### Information supplied
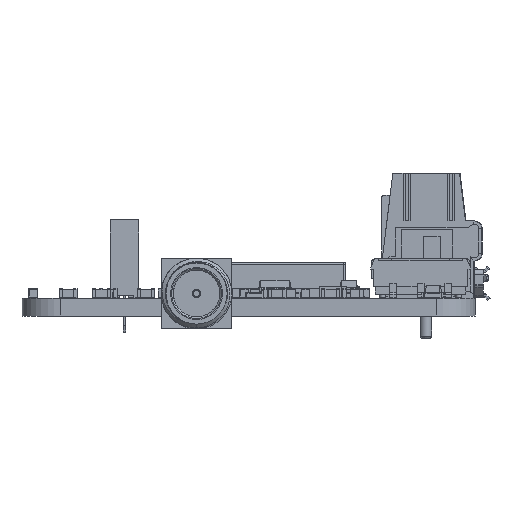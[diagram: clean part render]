
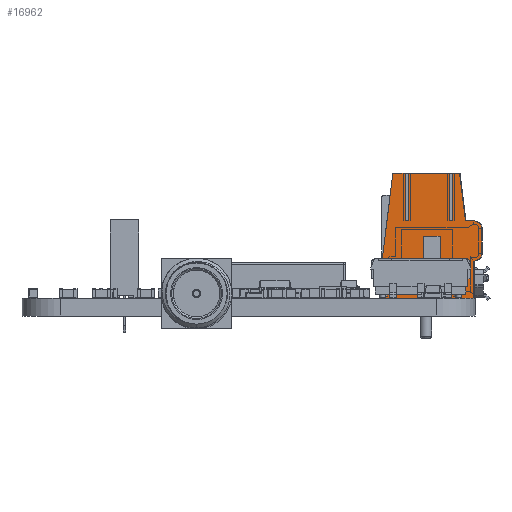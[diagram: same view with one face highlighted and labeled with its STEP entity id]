
A CAD part, left-side view. The second image highlights one B-rep face of the part: STEP entity #16962.
In plain terms, the highlighted planar face has unit normal (-1, 0, 0).
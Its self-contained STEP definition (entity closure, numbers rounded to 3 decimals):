
#15817 = VERTEX_POINT('',#15818);
#15818 = CARTESIAN_POINT('',(-2.5,-2.141,-1.463));
#15824 = EDGE_CURVE('',#15817,#15825,#15827,.T.);
#15825 = VERTEX_POINT('',#15826);
#15826 = CARTESIAN_POINT('',(-2.5,5.7,-0.5));
#15827 = LINE('',#15828,#15829);
#15828 = CARTESIAN_POINT('',(-2.5,5.7,-0.5));
#15829 = VECTOR('',#15830,1.);
#15830 = DIRECTION('',(0.,0.993,0.122));
#15927 = VERTEX_POINT('',#15928);
#15928 = CARTESIAN_POINT('',(-2.5,-5.7,6.8));
#15961 = VERTEX_POINT('',#15962);
#15962 = CARTESIAN_POINT('',(-2.5,-2.2,6.8));
#15968 = EDGE_CURVE('',#15961,#15927,#15969,.T.);
#15969 = LINE('',#15970,#15971);
#15970 = CARTESIAN_POINT('',(-2.5,-5.7,6.8));
#15971 = VECTOR('',#15972,1.);
#15972 = DIRECTION('',(-0.,-1.,-0.));
#16031 = EDGE_CURVE('',#15927,#16032,#16034,.T.);
#16032 = VERTEX_POINT('',#16033);
#16033 = CARTESIAN_POINT('',(-2.5,-5.7,-1.5));
#16034 = LINE('',#16035,#16036);
#16035 = CARTESIAN_POINT('',(-2.5,-5.7,-0.4));
#16036 = VECTOR('',#16037,1.);
#16037 = DIRECTION('',(-0.,0.,-1.));
#16395 = EDGE_CURVE('',#15825,#16396,#16398,.T.);
#16396 = VERTEX_POINT('',#16397);
#16397 = CARTESIAN_POINT('',(-2.5,5.7,0.6));
#16398 = LINE('',#16399,#16400);
#16399 = CARTESIAN_POINT('',(-2.5,5.7,5.5));
#16400 = VECTOR('',#16401,1.);
#16401 = DIRECTION('',(-0.,0.,1.));
#16437 = VERTEX_POINT('',#16438);
#16438 = CARTESIAN_POINT('',(-2.5,5.7,0.9));
#16444 = EDGE_CURVE('',#16437,#16445,#16447,.T.);
#16445 = VERTEX_POINT('',#16446);
#16446 = CARTESIAN_POINT('',(-2.5,5.7,4.6));
#16447 = LINE('',#16448,#16449);
#16448 = CARTESIAN_POINT('',(-2.5,5.7,5.5));
#16449 = VECTOR('',#16450,1.);
#16450 = DIRECTION('',(-0.,0.,1.));
#16486 = VERTEX_POINT('',#16487);
#16487 = CARTESIAN_POINT('',(-2.5,5.7,4.9));
#16493 = EDGE_CURVE('',#16486,#16494,#16496,.T.);
#16494 = VERTEX_POINT('',#16495);
#16495 = CARTESIAN_POINT('',(-2.5,5.7,5.5));
#16496 = LINE('',#16497,#16498);
#16497 = CARTESIAN_POINT('',(-2.5,5.7,5.5));
#16498 = VECTOR('',#16499,1.);
#16499 = DIRECTION('',(-0.,0.,1.));
#16707 = VERTEX_POINT('',#16708);
#16708 = CARTESIAN_POINT('',(-2.5,-1.5,7.5));
#16714 = EDGE_CURVE('',#16707,#15961,#16715,.T.);
#16715 = CIRCLE('',#16716,0.7);
#16716 = AXIS2_PLACEMENT_3D('',#16717,#16718,#16719);
#16717 = CARTESIAN_POINT('',(-2.5,-1.5,6.8));
#16718 = DIRECTION('',(1.,0.,-0.));
#16719 = DIRECTION('',(0.,0.,1.));
#16739 = VERTEX_POINT('',#16740);
#16740 = CARTESIAN_POINT('',(-2.5,0.7,7.5));
#16746 = EDGE_CURVE('',#16739,#16707,#16747,.T.);
#16747 = LINE('',#16748,#16749);
#16748 = CARTESIAN_POINT('',(-2.5,-1.5,7.5));
#16749 = VECTOR('',#16750,1.);
#16750 = DIRECTION('',(-0.,-1.,-0.));
#16771 = VERTEX_POINT('',#16772);
#16772 = CARTESIAN_POINT('',(-2.5,1.4,6.8));
#16778 = EDGE_CURVE('',#16771,#16739,#16779,.T.);
#16779 = CIRCLE('',#16780,0.7);
#16780 = AXIS2_PLACEMENT_3D('',#16781,#16782,#16783);
#16781 = CARTESIAN_POINT('',(-2.5,0.7,6.8));
#16782 = DIRECTION('',(1.,0.,-0.));
#16783 = DIRECTION('',(0.,0.,1.));
#16916 = VERTEX_POINT('',#16917);
#16917 = CARTESIAN_POINT('',(-2.5,1.4,6.028));
#16923 = EDGE_CURVE('',#16916,#16771,#16924,.T.);
#16924 = LINE('',#16925,#16926);
#16925 = CARTESIAN_POINT('',(-2.5,1.4,6.8));
#16926 = VECTOR('',#16927,1.);
#16927 = DIRECTION('',(-0.,0.,1.));
#16952 = EDGE_CURVE('',#16494,#16916,#16953,.T.);
#16953 = LINE('',#16954,#16955);
#16954 = CARTESIAN_POINT('',(-2.5,1.4,6.028));
#16955 = VECTOR('',#16956,1.);
#16956 = DIRECTION('',(-0.,-0.993,0.122));
#16962 = ADVANCED_FACE('',(#16963),#17035,.T.);
#16963 = FACE_BOUND('',#16964,.T.);
#16964 = EDGE_LOOP('',(#16965,#16966,#16967,#16976,#16982,#16983,#16984,
    #16985,#16986,#16987,#16988,#16989,#16990,#16998,#17006,#17012,
    #17013,#17021,#17029));
#16965 = ORIENTED_EDGE('',*,*,#16395,.F.);
#16966 = ORIENTED_EDGE('',*,*,#15824,.F.);
#16967 = ORIENTED_EDGE('',*,*,#16968,.F.);
#16968 = EDGE_CURVE('',#16969,#15817,#16971,.T.);
#16969 = VERTEX_POINT('',#16970);
#16970 = CARTESIAN_POINT('',(-2.5,-2.75,-1.5));
#16971 = CIRCLE('',#16972,5.);
#16972 = AXIS2_PLACEMENT_3D('',#16973,#16974,#16975);
#16973 = CARTESIAN_POINT('',(-2.5,-2.75,3.5));
#16974 = DIRECTION('',(1.,0.,-0.));
#16975 = DIRECTION('',(0.,0.,1.));
#16976 = ORIENTED_EDGE('',*,*,#16977,.F.);
#16977 = EDGE_CURVE('',#16032,#16969,#16978,.T.);
#16978 = LINE('',#16979,#16980);
#16979 = CARTESIAN_POINT('',(-2.5,-2.75,-1.5));
#16980 = VECTOR('',#16981,1.);
#16981 = DIRECTION('',(0.,1.,0.));
#16982 = ORIENTED_EDGE('',*,*,#16031,.F.);
#16983 = ORIENTED_EDGE('',*,*,#15968,.F.);
#16984 = ORIENTED_EDGE('',*,*,#16714,.F.);
#16985 = ORIENTED_EDGE('',*,*,#16746,.F.);
#16986 = ORIENTED_EDGE('',*,*,#16778,.F.);
#16987 = ORIENTED_EDGE('',*,*,#16923,.F.);
#16988 = ORIENTED_EDGE('',*,*,#16952,.F.);
#16989 = ORIENTED_EDGE('',*,*,#16493,.F.);
#16990 = ORIENTED_EDGE('',*,*,#16991,.F.);
#16991 = EDGE_CURVE('',#16992,#16486,#16994,.T.);
#16992 = VERTEX_POINT('',#16993);
#16993 = CARTESIAN_POINT('',(-2.5,1.4,4.9));
#16994 = LINE('',#16995,#16996);
#16995 = CARTESIAN_POINT('',(-2.5,0.635,4.9));
#16996 = VECTOR('',#16997,1.);
#16997 = DIRECTION('',(-0.,1.,0.));
#16998 = ORIENTED_EDGE('',*,*,#16999,.T.);
#16999 = EDGE_CURVE('',#16992,#17000,#17002,.T.);
#17000 = VERTEX_POINT('',#17001);
#17001 = CARTESIAN_POINT('',(-2.5,1.4,4.6));
#17002 = LINE('',#17003,#17004);
#17003 = CARTESIAN_POINT('',(-2.5,1.4,4.6));
#17004 = VECTOR('',#17005,1.);
#17005 = DIRECTION('',(0.,0.,-1.));
#17006 = ORIENTED_EDGE('',*,*,#17007,.T.);
#17007 = EDGE_CURVE('',#17000,#16445,#17008,.T.);
#17008 = LINE('',#17009,#17010);
#17009 = CARTESIAN_POINT('',(-2.5,0.635,4.6));
#17010 = VECTOR('',#17011,1.);
#17011 = DIRECTION('',(-0.,1.,0.));
#17012 = ORIENTED_EDGE('',*,*,#16444,.F.);
#17013 = ORIENTED_EDGE('',*,*,#17014,.F.);
#17014 = EDGE_CURVE('',#17015,#16437,#17017,.T.);
#17015 = VERTEX_POINT('',#17016);
#17016 = CARTESIAN_POINT('',(-2.5,1.4,0.9));
#17017 = LINE('',#17018,#17019);
#17018 = CARTESIAN_POINT('',(-2.5,0.635,0.9));
#17019 = VECTOR('',#17020,1.);
#17020 = DIRECTION('',(-0.,1.,0.));
#17021 = ORIENTED_EDGE('',*,*,#17022,.T.);
#17022 = EDGE_CURVE('',#17015,#17023,#17025,.T.);
#17023 = VERTEX_POINT('',#17024);
#17024 = CARTESIAN_POINT('',(-2.5,1.4,0.6));
#17025 = LINE('',#17026,#17027);
#17026 = CARTESIAN_POINT('',(-2.5,1.4,0.6));
#17027 = VECTOR('',#17028,1.);
#17028 = DIRECTION('',(0.,0.,-1.));
#17029 = ORIENTED_EDGE('',*,*,#17030,.T.);
#17030 = EDGE_CURVE('',#17023,#16396,#17031,.T.);
#17031 = LINE('',#17032,#17033);
#17032 = CARTESIAN_POINT('',(-2.5,0.635,0.6));
#17033 = VECTOR('',#17034,1.);
#17034 = DIRECTION('',(-0.,1.,0.));
#17035 = PLANE('',#17036);
#17036 = AXIS2_PLACEMENT_3D('',#17037,#17038,#17039);
#17037 = CARTESIAN_POINT('',(-2.5,-1.5,6.8));
#17038 = DIRECTION('',(-1.,-0.,0.));
#17039 = DIRECTION('',(0.,0.,1.));
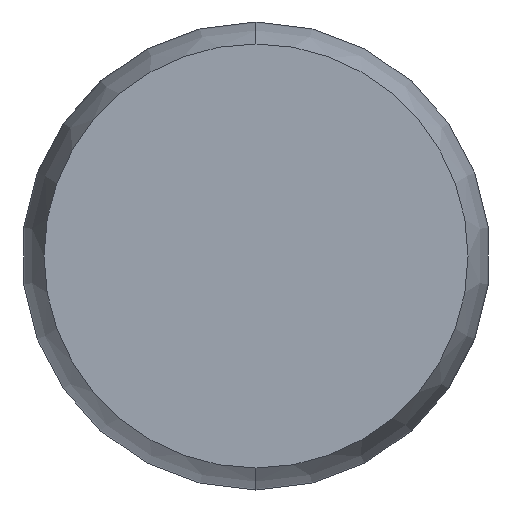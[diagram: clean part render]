
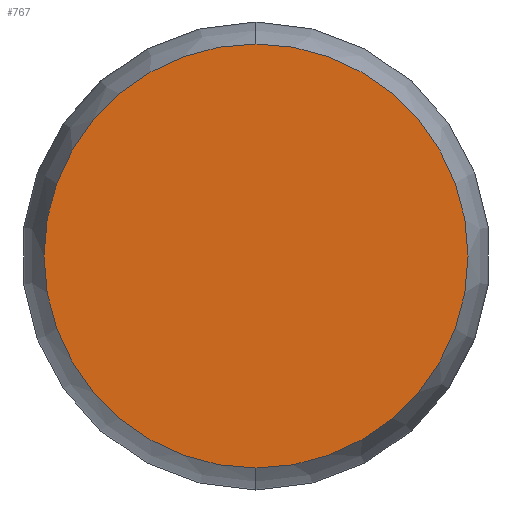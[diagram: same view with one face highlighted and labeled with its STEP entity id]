
A CAD part, left-side view. The second image highlights one B-rep face of the part: STEP entity #767.
In plain terms, the highlighted planar face has unit normal (-1, 0, 0).
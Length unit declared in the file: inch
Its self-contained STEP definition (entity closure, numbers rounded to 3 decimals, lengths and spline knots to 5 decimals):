
#64 = VERTEX_POINT ( 'NONE', #1083 ) ;
#128 = DIRECTION ( 'NONE',  ( 0., 0., 1. ) ) ;
#144 = CIRCLE ( 'NONE', #1164, 0.01775 ) ;
#191 = VERTEX_POINT ( 'NONE', #393 ) ;
#234 = CIRCLE ( 'NONE', #1355, 0.01775 ) ;
#245 = CARTESIAN_POINT ( 'NONE',  ( -0.952, 0., 0. ) ) ;
#352 = EDGE_CURVE ( 'NONE', #191, #64, #144, .T. ) ;
#358 = FACE_OUTER_BOUND ( 'NONE', #501, .T. ) ;
#393 = CARTESIAN_POINT ( 'NONE',  ( -0.952, 0., 0.01775 ) ) ;
#501 = EDGE_LOOP ( 'NONE', ( #713, #752 ) ) ;
#713 = ORIENTED_EDGE ( 'NONE', *, *, #352, .T. ) ;
#752 = ORIENTED_EDGE ( 'NONE', *, *, #1344, .T. ) ;
#767 = ADVANCED_FACE ( 'NONE', ( #358 ), #931, .F. ) ;
#845 = DIRECTION ( 'NONE',  ( -1., 0., 0. ) ) ;
#870 = DIRECTION ( 'NONE',  ( 1., 0., 0. ) ) ;
#872 = DIRECTION ( 'NONE',  ( 0., 0., -1. ) ) ;
#876 = CARTESIAN_POINT ( 'NONE',  ( -0.952, 0.01775, 0. ) ) ;
#931 = PLANE ( 'NONE',  #1352 ) ;
#1083 = CARTESIAN_POINT ( 'NONE',  ( -0.952, 0., -0.01775 ) ) ;
#1164 = AXIS2_PLACEMENT_3D ( 'NONE', #245, #845, #128 ) ;
#1223 = CARTESIAN_POINT ( 'NONE',  ( -0.952, 0., 0. ) ) ;
#1228 = DIRECTION ( 'NONE',  ( -1., 0., 0. ) ) ;
#1230 = DIRECTION ( 'NONE',  ( 0., 0., 1. ) ) ;
#1344 = EDGE_CURVE ( 'NONE', #64, #191, #234, .T. ) ;
#1352 = AXIS2_PLACEMENT_3D ( 'NONE', #876, #870, #872 ) ;
#1355 = AXIS2_PLACEMENT_3D ( 'NONE', #1223, #1228, #1230 ) ;
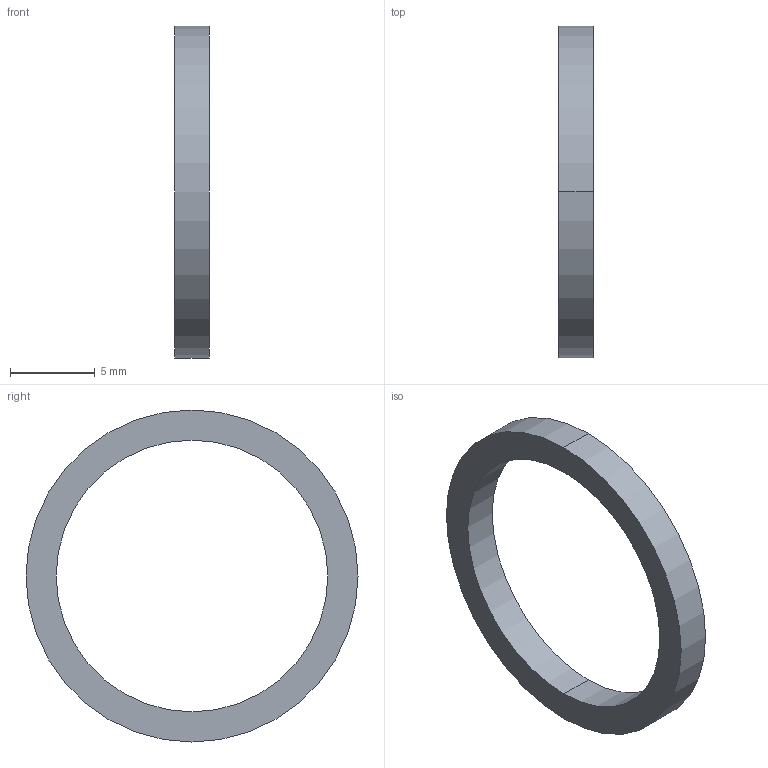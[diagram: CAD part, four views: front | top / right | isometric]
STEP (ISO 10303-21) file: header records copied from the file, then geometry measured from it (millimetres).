
FILE_DESCRIPTION (( 'STEP AP203' ), '1' );
FILE_NAME ('SM-16-VT.STEP', '2008-06-25T04:44:05', ( 'BSI05' ), ( 'BAYSTATE' ), 'SwSTEP 2.0', 'SolidWorks 2007', '' );
FILE_SCHEMA (( 'CONFIG_CONTROL_DESIGN' ));
Length unit declared in the file: inch
Products named in the file (1): SM-16-VT
Bounding box: 2.03 x 19.56 x 19.56 mm (x, y, z)
Volume: 201.8 mm3; surface area: 425.6 mm2
Topology: 1 solids, 1 shells, 6 faces, 12 edges, 8 vertices
Faces by surface type: cylinder 4, plane 2
Entity records: 247 total; most frequent: DIRECTION 34, CARTESIAN_POINT 27, ORIENTED_EDGE 24, AXIS2_PLACEMENT_3D 15, EDGE_CURVE 12, EDGE_LOOP 8, CIRCLE 8, PERSON_AND_ORGANIZATION 8

### What to produce
All lines above from the line with "STEP entity #767." through the line with "#144 = CIRCLE ( 'NONE', #1164, 0.01775 ) ;", both included, are to be set down exactly, with nothing else.

### Solution to this task
A CAD part, left-side view. The second image highlights one B-rep face of the part: STEP entity #767.
In plain terms, the highlighted planar face has unit normal (-1, 0, 0).
Length unit declared in the file: inch
Its self-contained STEP definition (entity closure, numbers rounded to 3 decimals, lengths and spline knots to 5 decimals):
#64 = VERTEX_POINT ( 'NONE', #1083 ) ;
#128 = DIRECTION ( 'NONE',  ( 0., 0., 1. ) ) ;
#144 = CIRCLE ( 'NONE', #1164, 0.01775 ) ;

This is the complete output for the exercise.